Iain Chambers, “Off the Map: A Mediterranean Journey”

1

In May 2008, the Brookings Institute issued a report titled “The New Great Migration: Black Americans’ Return to the South, 1965–2000.” William H. Frey, who authored the report, bullet-pointed his findings:

  • • The South scored net gains of black migrants from all three of the other regions of the U.S. during the late 1990s, reversing a 35-year trend. . . .

  • • Among migrants from the Northeast, Midwest, and West regions, blacks were more likely than whites to select destinations in the South. . . .

  • • College-educated individuals lead the new migration into the South.

According to Frey, this “full-scale reversal of blacks ‘Great Migration’ north during the early part of the twentieth century, [End Page 902] reflects the South’s economic growth and modernization, its improved race relations, and the long-standing cultural and kinship ties it holds for black families.”

Generally speaking, Houston Baker can be counted among those recent returnees, who constitute what Frey terms the “brain gain” of the South, and his return has stimulated a range of restless writings centered on family, kinship, race, and region. In the first of his books about the South, Turning South Again: Re-Thinking Modernism/Re-Reading Booker T. (2001), Baker confessed: “I am, perhaps now really only analytically and for the first time, in the South, and the South is hauntingly, in me” (78). In his latest collection, I Don’t Hate the South: Reflections on Faulkner, Family, and the South (2007), Baker continues to explore his vexed relation and belated reunion with the place of his birth, to wrestle with the “genealogical anxiety and Oedipal angst” it conjures up for him (186).

Perhaps Baker’s physical return to the South was inevitable, just a matter of time, for he qualifies as the archetypal wanderer, the “wayfaring stranger” of that old spiritual, “travelling through this world of woe.” And the state of the world that Baker surveys is nothing if not woeful, although he has made for himself a distinguished career.
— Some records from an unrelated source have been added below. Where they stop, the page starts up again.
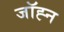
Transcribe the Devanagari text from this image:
जॉह्न
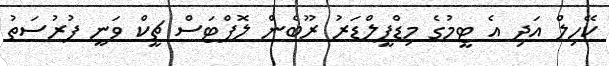
ކޭހިލް އަދި އެ ޓީމުގެ މިޑްފީލްޑަރު ރޫބެން ލޮފްޓަސް ޗީކް ވަނީ ފުރުސަތު
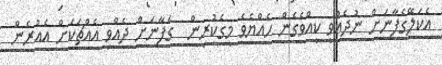
އެކަލޭގެފާނަށް ނުދެއްވީ ކީއްވެގެން ހެއްޔެވެ މީގެކުރިން  ގެފާނަށް ދެއްވި އެއްޗަކަށް އެއުރެން

Born and bred in Louisville, Kentucky, Baker moved “north” to Washington, D.C. for undergraduate study at Howard; went “west” for graduate study at UCLA, then moved all around the country to take successive professorships: to New Haven (Yale), then Charlottesville (the University of Virginia), then Philadelphia (University of Pennsylvania), then Durham (Duke). Moving deeper still into the South, he is currently in Nashville at Vanderbilt, the home of the infamous Southern Agrarians, who took the title of their manifesto I’ll Take My Stand (1930) from “Dixie,” that anthem of the confederacy, and who staked their unabashedly reactionary project on a critique of modernity and a defense of segregation and the racial status quo.
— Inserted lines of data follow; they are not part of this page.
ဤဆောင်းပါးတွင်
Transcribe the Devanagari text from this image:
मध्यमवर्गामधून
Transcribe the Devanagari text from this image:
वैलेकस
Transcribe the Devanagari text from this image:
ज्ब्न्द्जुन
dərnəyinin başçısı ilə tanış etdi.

If only at a glance, Baker obligingly confronts this controversial chapter of Vanderbilt’s history in I Don’t Hate the South, published soon after he touched down in Nashville. Summoning the ghost of Robert Penn Warren, one of the twelve Southern Agrarians, Baker titles one of the book’s chapters, “If you see Robert Penn Warren Ask Him: Who Does Speak for the Negro?” Baker riffs here on Warren’s collection of essays Who Speaks for the Negro? (1965), taking his stand against Warren’s notion of “the Negro,” phantasm and obsession of the “white American imaginary” (I Don’t Hate 125).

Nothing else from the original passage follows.